----- Information shown -----
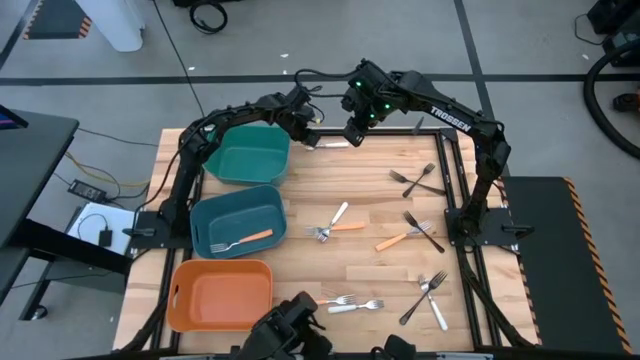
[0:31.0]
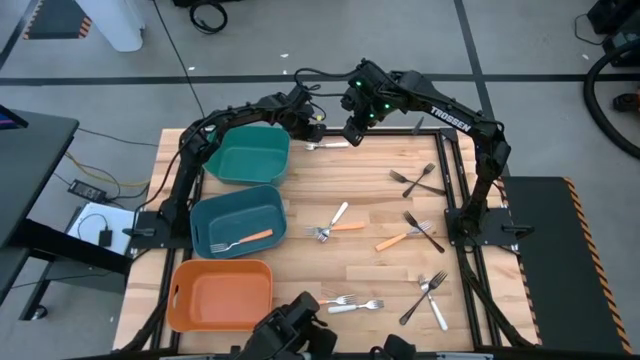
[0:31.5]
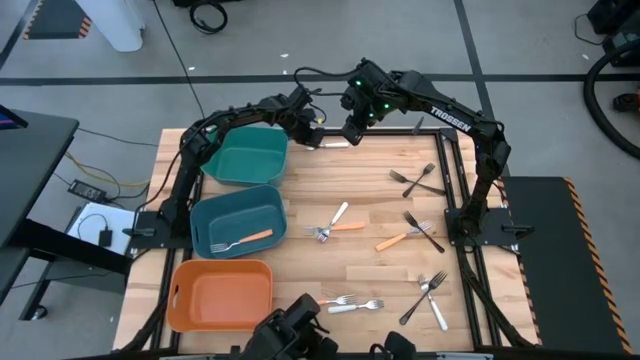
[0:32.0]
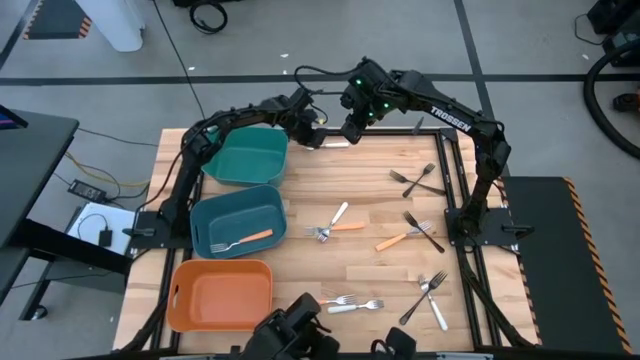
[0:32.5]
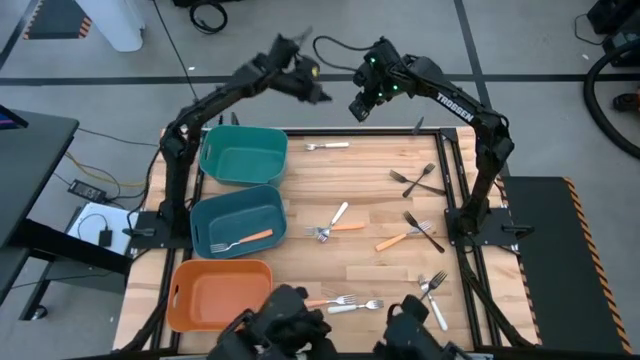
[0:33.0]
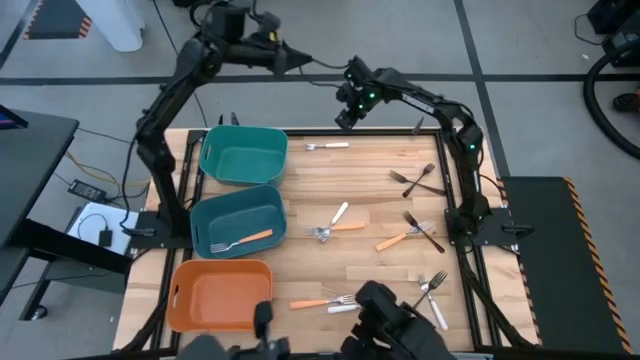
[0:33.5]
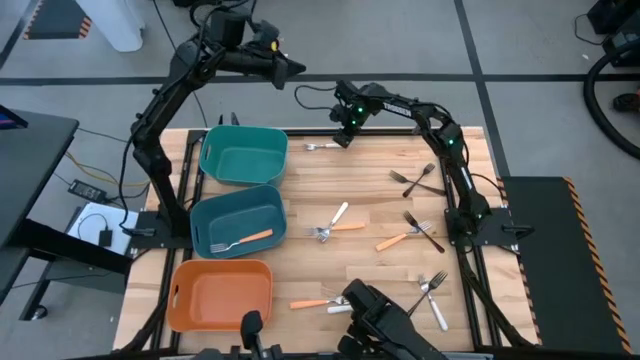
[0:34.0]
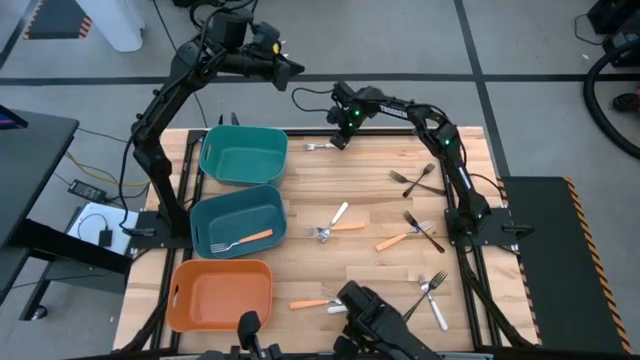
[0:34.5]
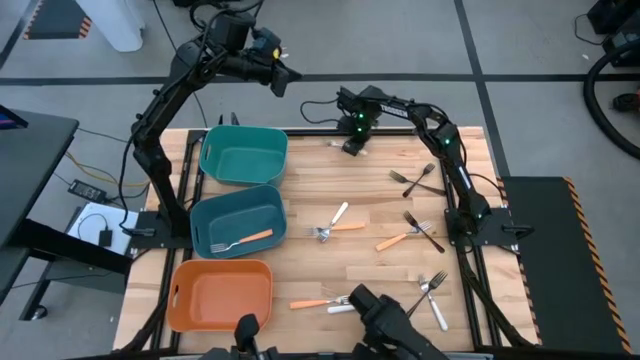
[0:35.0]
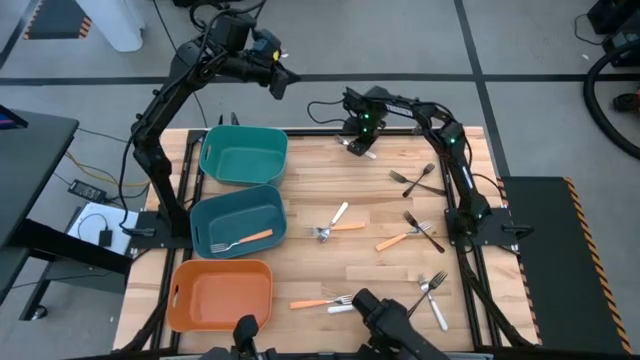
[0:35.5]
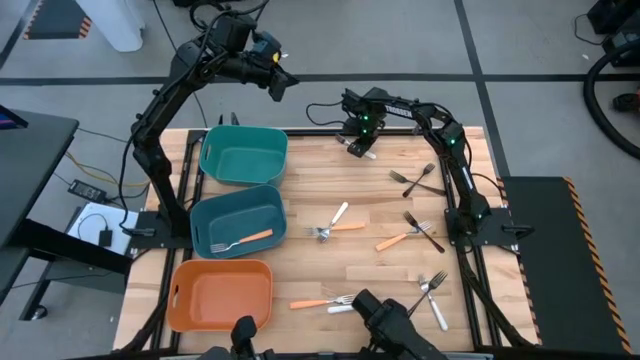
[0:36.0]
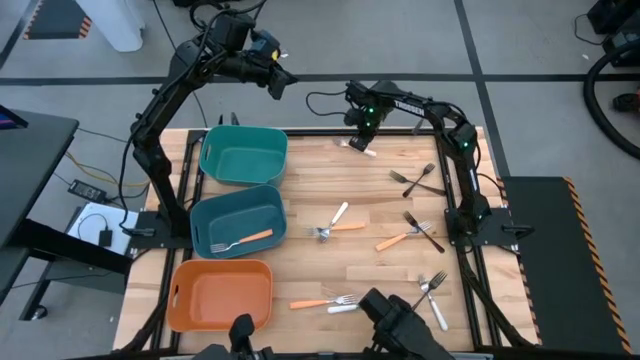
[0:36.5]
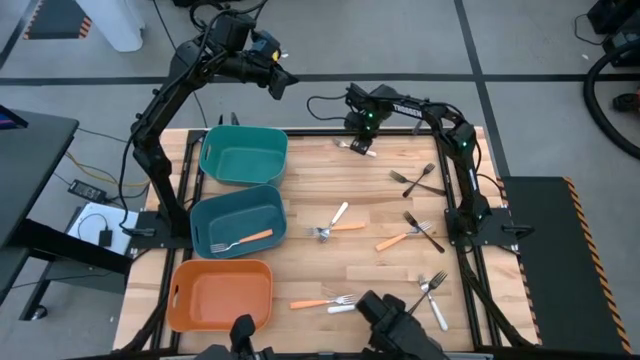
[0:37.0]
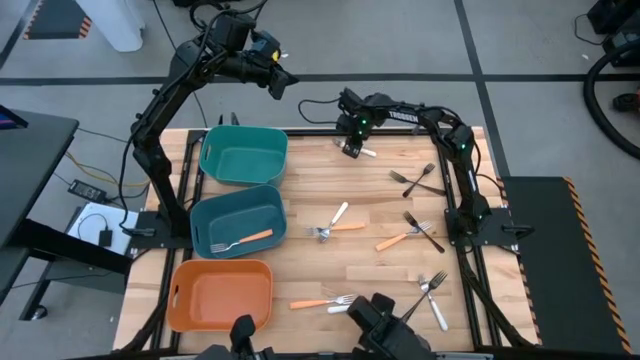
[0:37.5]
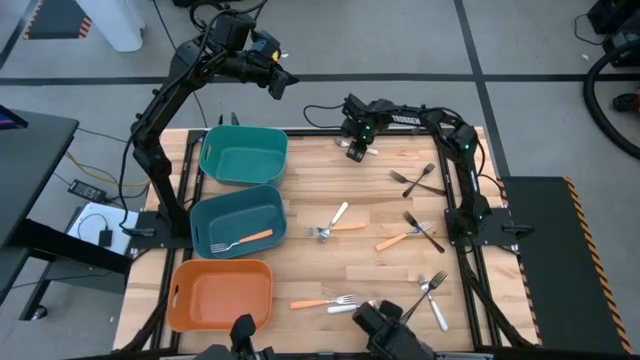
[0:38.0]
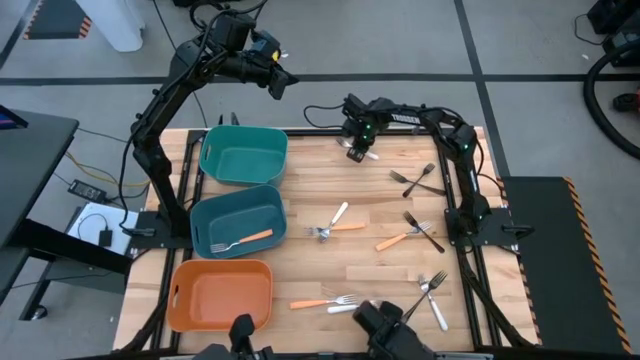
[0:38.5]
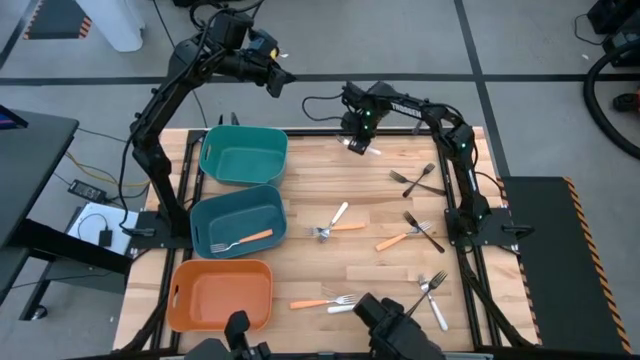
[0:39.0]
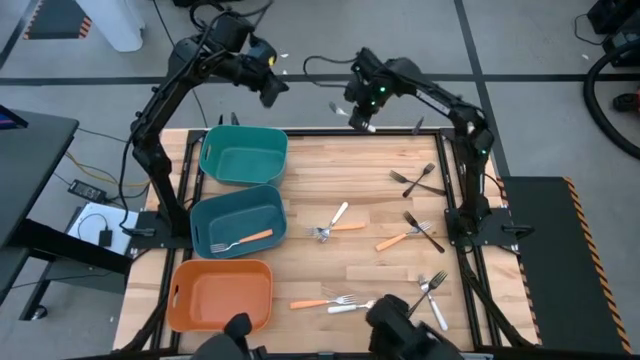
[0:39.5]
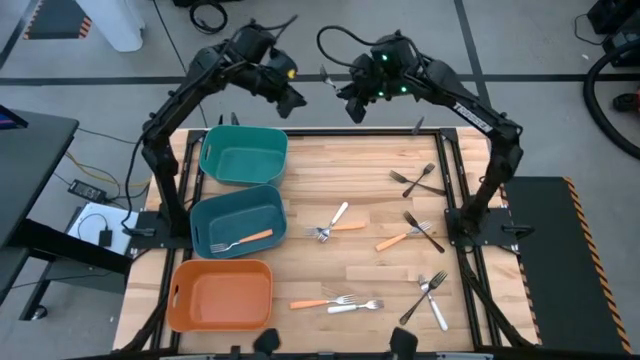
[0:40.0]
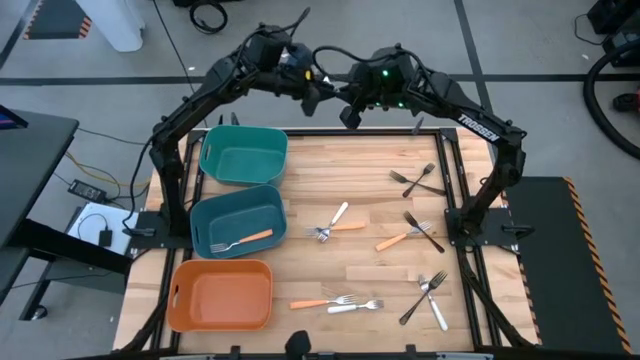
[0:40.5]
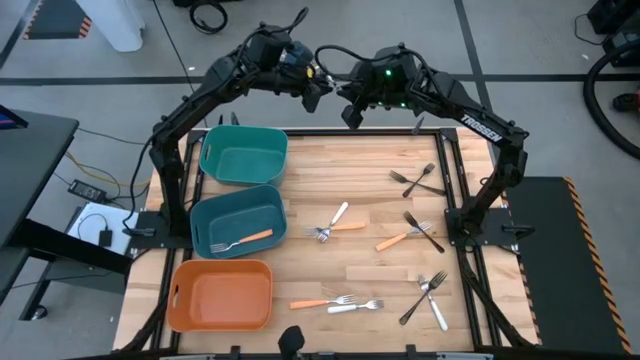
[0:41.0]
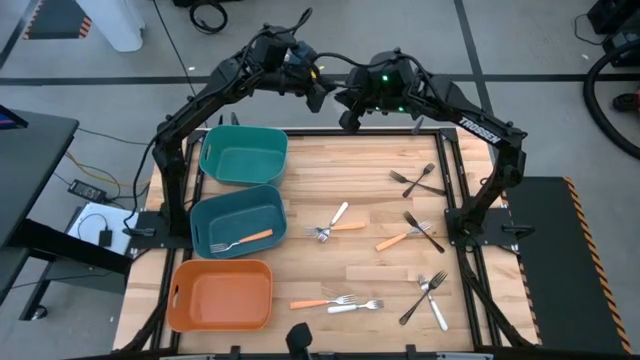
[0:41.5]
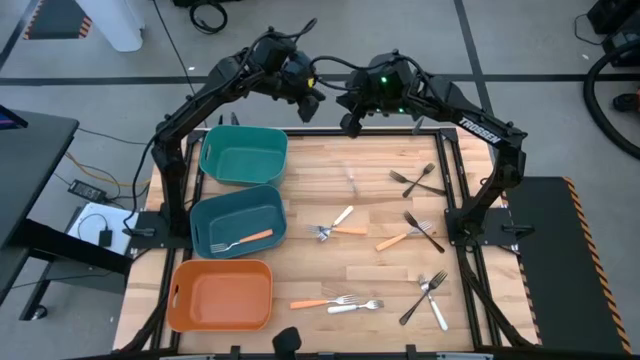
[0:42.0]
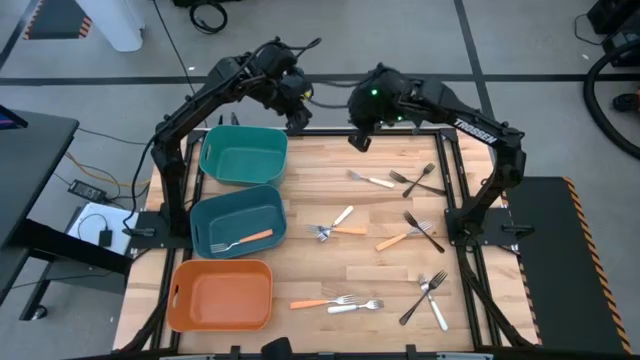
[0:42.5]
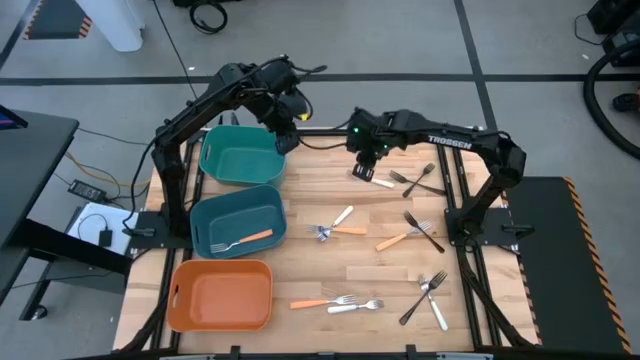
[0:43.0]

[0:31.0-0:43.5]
Put the white fork into the green bin
-----
[About this task] Reproduce each entry above word for word. Pictures are not part of the copy.

[Solution to this problem]
[0:31.0]
[0:31.5]
[0:32.0]
[0:32.5]
[0:33.0]
[0:33.5]
[0:34.0]
[0:34.5]
[0:35.0]
[0:35.5]
[0:36.0]
[0:36.5]
[0:37.0]
[0:37.5]
[0:38.0]
[0:38.5]
[0:39.0]
[0:39.5]
[0:40.0]
[0:40.5]
[0:41.0]
[0:41.5]
[0:42.0]
[0:42.5]
[0:43.0]

[0:31.0-0:43.5]
Put the white fork into the green bin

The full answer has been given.